Rethinking the History of Europe
Rome [ENA] On 1 July 2019 Brill, the international scholarly editor, published Rethinking Europe War and Peace in the Early Modern German Lands. The volume whose editors are Gerhild Scholz Williams, Sigrun Haude and Christian Schneider throw interesting sidelights upon The Thirty Years’ War (1618-1648). This war lies at the intersection of early modern and modern times. Commonly portrayed as the concluding
chapter of the Reformation, it also determined the future by hastening fundamental changes in the military, legal, political, religious, economic, and cultural arenas that came to mark a new, the modern era. The Thirty Years’ War, whose sources are unexpectedly numerous, was a 17th-century religious conflict fought mainly in central Europe. It remains one of the longest and most ruthless wars in human history, with more than 8 million casualties resulting from military battles as well as from the famine and disease produced by the conflict. The war lasted from 1618 to 1648, starting as a battle among the Catholic and Protestant states that formed the Holy Roman Empire.

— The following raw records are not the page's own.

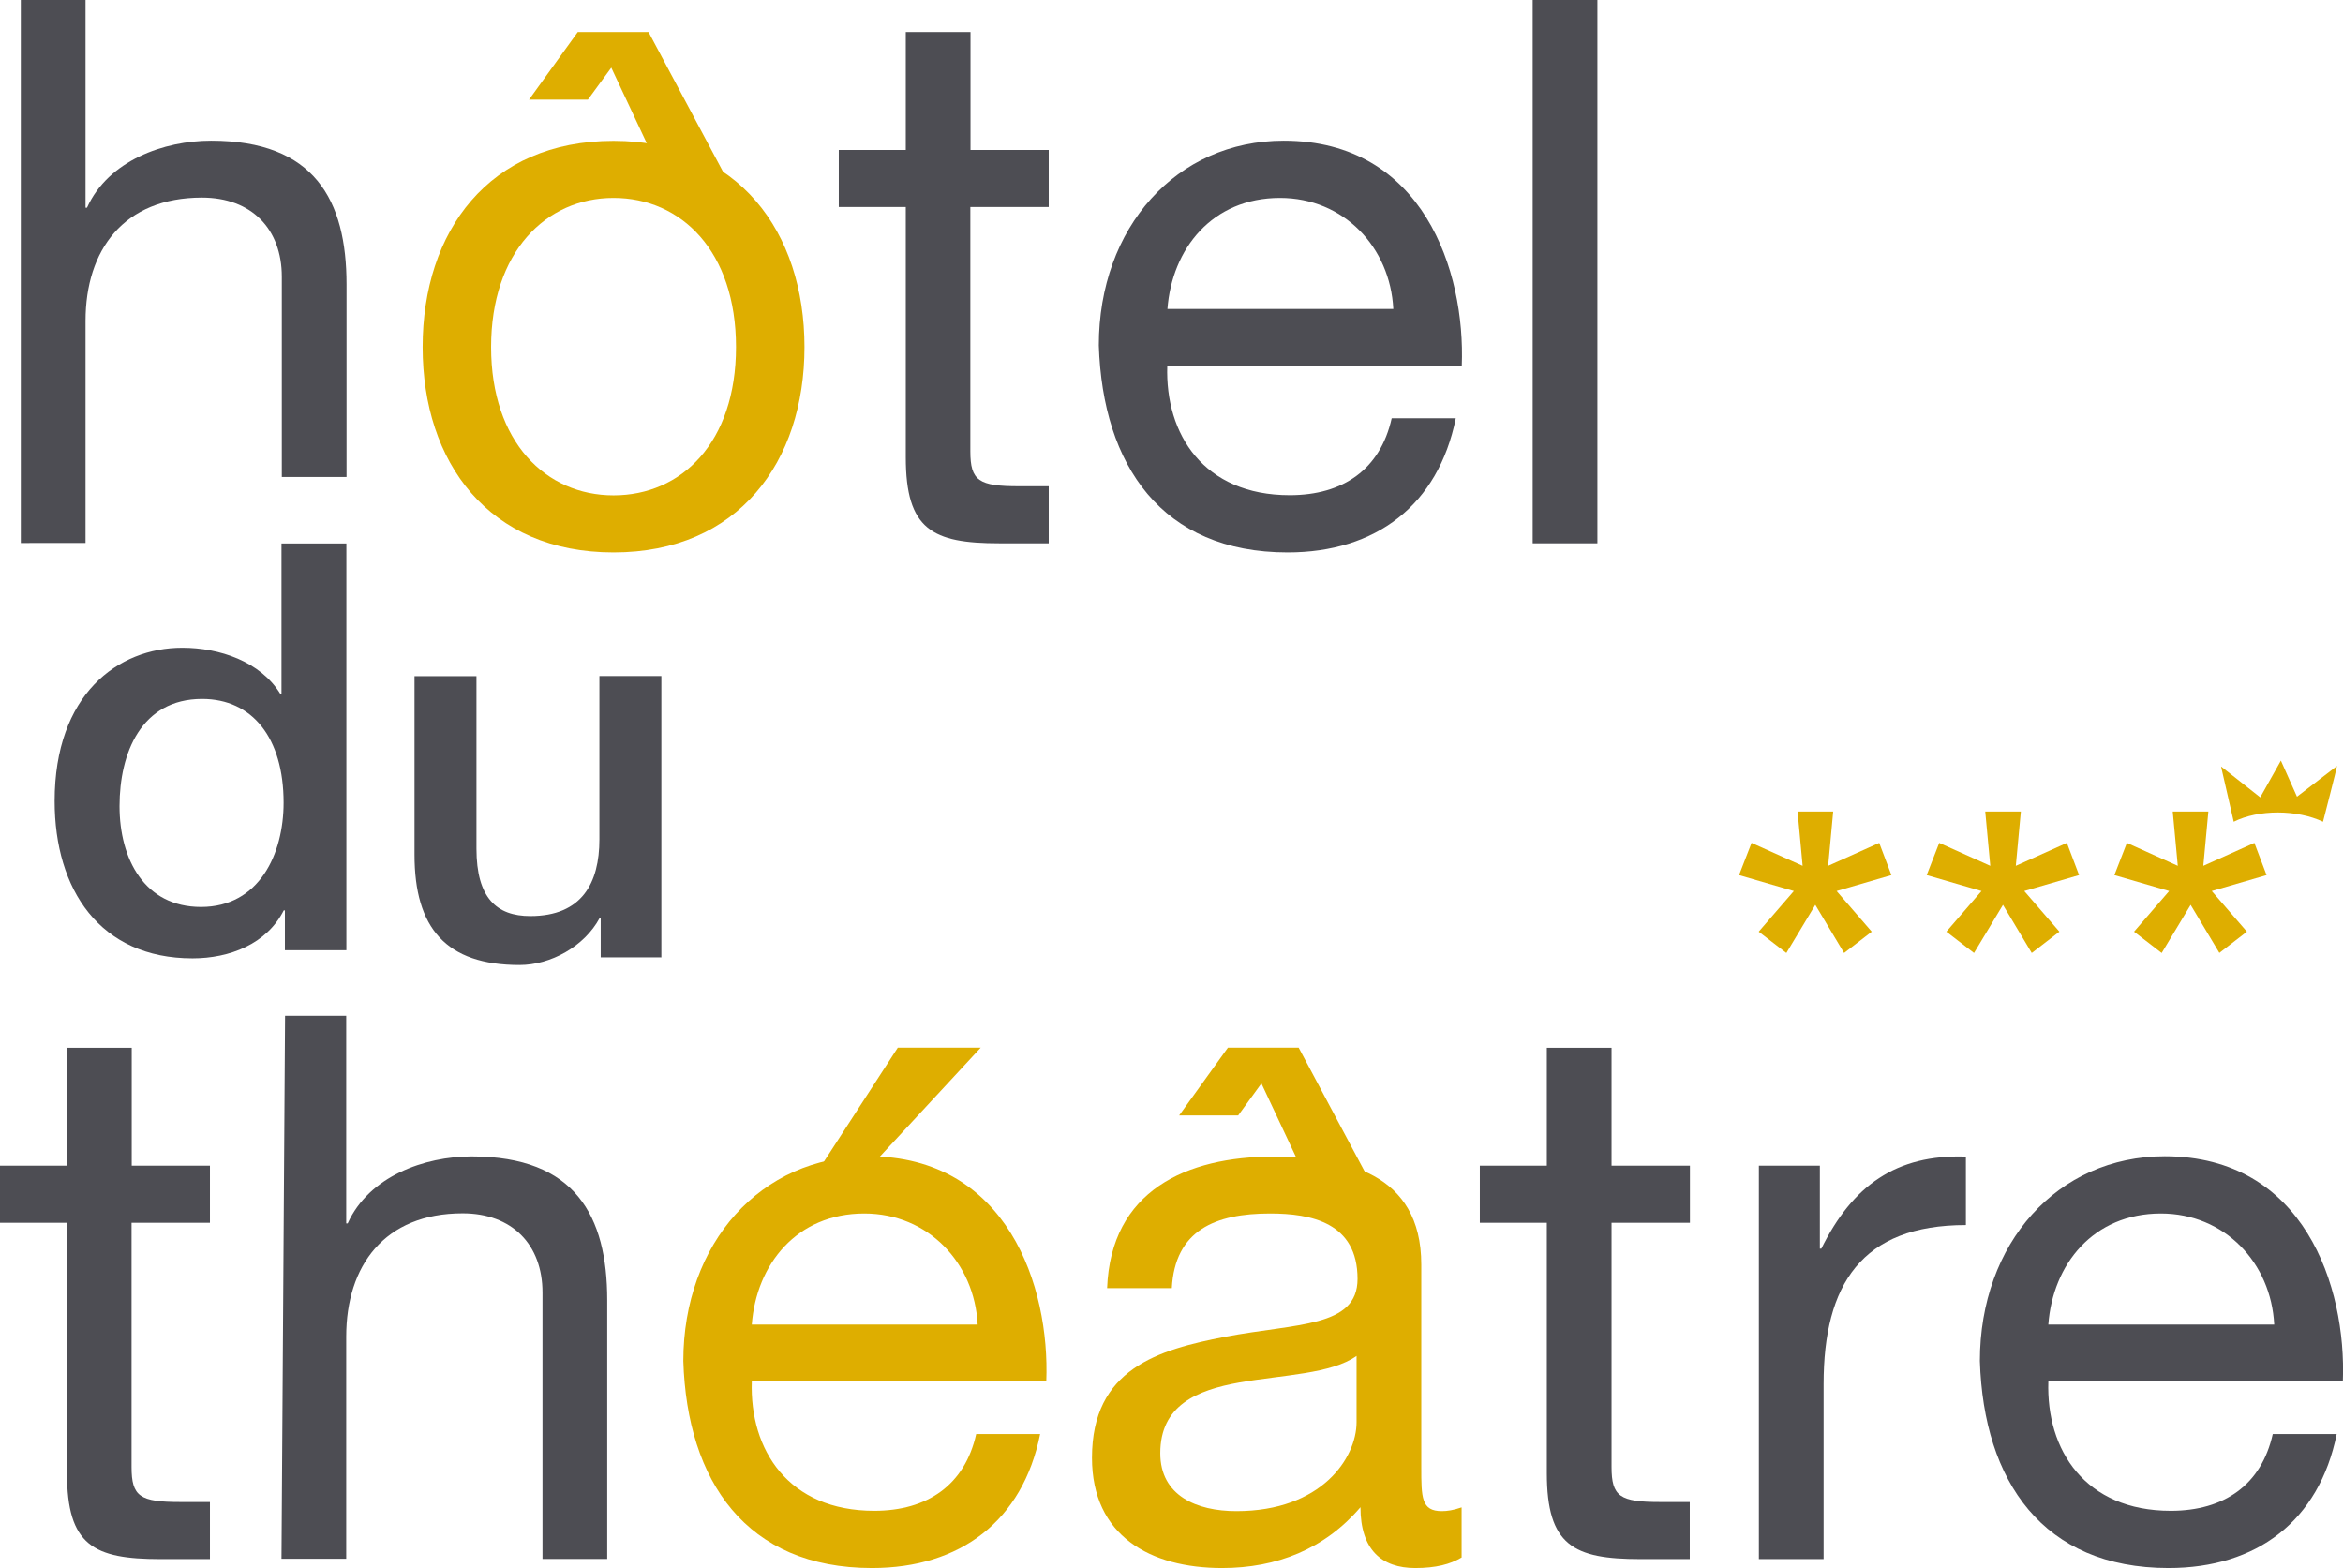 <?xml version="1.0" encoding="UTF-8"?>
<svg id="Calque_1" xmlns="http://www.w3.org/2000/svg" viewBox="0 0 144.08 96.43">
  <defs>
    <style>
      .cls-1 {
        fill: #4d4d53;
      }

      .cls-2 {
        fill: #deae00;
      }
    </style>
  </defs>
  <g>
    <g>
      <path class="cls-1" d="M1.28,0h3.98v12.77h.09c1.31-2.9,4.73-4.12,7.63-4.12,6.36,0,8.33,3.65,8.33,8.84v11.84h-3.98v-12.31c0-2.95-1.87-4.87-4.91-4.87-4.82,0-7.16,3.23-7.16,7.58v13.66H1.28V0Z"/>
      <path class="cls-1" d="M59.67,9.22h4.82v3.51h-4.82v15.02c0,1.82.52,2.15,3,2.15h1.82v3.51h-3.04c-4.12,0-5.75-.84-5.75-5.29v-15.39h-4.12v-3.51h4.12V1.97h3.98v7.25Z"/>
      <path class="cls-1" d="M89.52,25.73c-1.08,5.33-4.91,8.24-10.34,8.24-7.72,0-11.37-5.33-11.61-12.73,0-7.25,4.77-12.59,11.37-12.59,8.56,0,11.18,8,10.95,13.85h-18.11c-.14,4.21,2.25,7.95,7.53,7.95,3.28,0,5.57-1.59,6.27-4.73h3.93ZM85.68,19c-.19-3.79-3.04-6.83-6.97-6.83-4.17,0-6.64,3.13-6.92,6.83h13.9Z"/>
      <path class="cls-1" d="M94.25,0h3.98v33.41h-3.98V0Z"/>
    </g>
    <path class="cls-1" d="M21.3,58.43h-3.78v-2.45h-.07c-1.05,2.07-3.33,2.95-5.61,2.95-5.71,0-8.48-4.24-8.48-9.67,0-6.56,3.89-9.43,7.85-9.43,2.28,0,4.8.84,6.03,2.84h.07v-9.25h3.99v25.02ZM12.36,55.77c3.58,0,5.08-3.26,5.08-6.41,0-4-1.93-6.38-5.01-6.38-3.75,0-5.08,3.33-5.08,6.59s1.54,6.2,5.01,6.2Z"/>
    <path class="cls-1" d="M40.69,58.87h-3.75v-2.41h-.07c-.94,1.74-3.01,2.88-4.92,2.88-4.52,0-6.46-2.27-6.46-6.79v-10.97h3.81v10.6c0,3.04,1.24,4.15,3.31,4.15,3.18,0,4.25-2.04,4.25-4.72v-10.04h3.81v17.29Z"/>
    <path class="cls-1" d="M8.09,71.68h4.82v3.51h-4.82v15.02c0,1.82.52,2.15,3,2.15h1.82v3.51h-3.04c-4.12,0-5.75-.84-5.75-5.29v-15.39H0v-3.51h4.12v-7.25h3.98v7.25Z"/>
    <path class="cls-1" d="M17.53,62.46h3.76v12.77h.09c1.31-2.9,4.72-4.12,7.63-4.12,6.36,0,8.33,3.65,8.33,8.84v15.91h-3.98v-16.38c0-2.95-1.87-4.87-4.91-4.87-4.82,0-7.16,3.23-7.16,7.58v13.66h-3.98l.22-33.41Z"/>
    <path class="cls-1" d="M99.1,71.68h4.82v3.51h-4.82v15.02c0,1.82.52,2.15,2.99,2.15h1.82v3.51h-3.04c-4.12,0-5.75-.84-5.75-5.29v-15.39h-4.12v-3.51h4.12v-7.25h3.98v7.25Z"/>
    <path class="cls-1" d="M108.17,71.68h3.74v5.1h.09c1.92-3.88,4.59-5.8,8.89-5.66v4.21c-6.41,0-8.75,3.65-8.75,9.78v10.76h-3.98v-24.19Z"/>
    <path class="cls-1" d="M143.69,88.19c-1.08,5.33-4.91,8.23-10.34,8.23-7.72,0-11.37-5.33-11.6-12.73,0-7.25,4.77-12.59,11.37-12.59,8.56,0,11.18,8,10.95,13.85h-18.11c-.14,4.21,2.25,7.95,7.53,7.95,3.28,0,5.57-1.59,6.27-4.72h3.93ZM139.85,81.45c-.19-3.79-3.04-6.83-6.97-6.83-4.16,0-6.65,3.13-6.92,6.83h13.9Z"/>
  </g>
  <g>
    <path class="cls-2" d="M63.96,88.19c-1.07,5.33-4.91,8.23-10.34,8.23-7.72,0-11.37-5.33-11.6-12.73,0-7.25,4.77-12.59,11.37-12.59,8.56,0,11.18,8,10.95,13.85h-18.11c-.14,4.21,2.25,7.95,7.53,7.95,3.27,0,5.57-1.59,6.27-4.72h3.93ZM60.12,81.45c-.19-3.79-3.04-6.83-6.97-6.83-4.16,0-6.64,3.13-6.92,6.83h13.9Z"/>
    <path class="cls-2" d="M89.88,95.77c-.7.42-1.59.65-2.85.65-2.06,0-3.37-1.12-3.37-3.74-2.2,2.57-5.15,3.74-8.51,3.74-4.4,0-8-1.97-8-6.78,0-5.47,4.07-6.64,8.19-7.44,4.4-.84,8.14-.56,8.14-3.56,0-3.46-2.85-4.02-5.38-4.02-3.37,0-5.85,1.03-6.04,4.59h-3.98c.23-5.99,4.87-8.09,10.24-8.09,4.35,0,9.08.98,9.08,6.64v12.45c0,1.87,0,2.71,1.26,2.71.33,0,.7-.05,1.22-.23v3.09ZM83.43,83.37c-1.55,1.12-4.54,1.17-7.21,1.64-2.62.47-4.87,1.4-4.87,4.35,0,2.62,2.25,3.56,4.68,3.56,5.24,0,7.39-3.27,7.39-5.47v-4.07Z"/>
    <g>
      <polygon class="cls-2" points="36.15 6.13 37.59 4.16 41.06 11.55 44.99 11.55 39.88 1.97 35.53 1.97 32.53 6.13 36.15 6.13"/>
      <polygon class="cls-2" points="76.14 68.59 77.57 66.62 81.04 74.01 84.97 74.01 79.86 64.42 75.51 64.42 72.51 68.59 76.14 68.59"/>
      <path class="cls-2" d="M37.73,8.66c-7.67,0-11.74,5.57-11.74,12.68s4.07,12.63,11.74,12.63,11.74-5.57,11.74-12.63-4.07-12.68-11.74-12.68ZM37.73,30.46c-4.16,0-7.53-3.28-7.53-9.12s3.37-9.17,7.53-9.17,7.53,3.28,7.53,9.17-3.37,9.12-7.53,9.12Z"/>
    </g>
    <polygon class="cls-2" points="55.21 64.42 60.31 64.42 53.31 71.98 50.31 71.98 55.21 64.42"/>
  </g>
  <path class="cls-2" d="M113.4,58.6l-1.77-2.96-1.78,2.96-1.7-1.31,2.16-2.5-3.37-.98.77-1.98,3.14,1.41-.31-3.34h2.19l-.31,3.34,3.14-1.41.75,1.98-3.37.98,2.16,2.5-1.7,1.31Z"/>
  <path class="cls-2" d="M124.94,58.6l-1.77-2.96-1.78,2.96-1.7-1.31,2.16-2.5-3.37-.98.77-1.98,3.14,1.41-.31-3.34h2.19l-.31,3.34,3.14-1.41.75,1.98-3.37.98,2.16,2.5-1.7,1.31Z"/>
  <path class="cls-2" d="M136.48,58.6l-1.77-2.96-1.78,2.96-1.7-1.31,2.16-2.5-3.37-.98.77-1.98,3.13,1.41-.31-3.34h2.19l-.31,3.34,3.14-1.41.75,1.98-3.37.98,2.16,2.5-1.7,1.31Z"/>
  <path class="cls-2" d="M137.36,50.53c1.54-.77,3.9-.75,5.49,0,0,0,.86-3.33.86-3.43l-2.46,1.89-.99-2.22-1.27,2.26-2.41-1.9.78,3.4Z"/>
</svg>

Nevertheless, as the Thirty Years’ War advanced, it became less about religion and more about which group would ultimately rule Europe. Ultimately, the conflict transformed the geopolitical face of Europe and the role of religion and nation-states in society. Prompted by the 400th anniversary of the outbreak of the war, the contributors reconsider the event itself and contextualize it within the broader history of the Reformation, military conflicts, peace initiatives, and negotiations of war.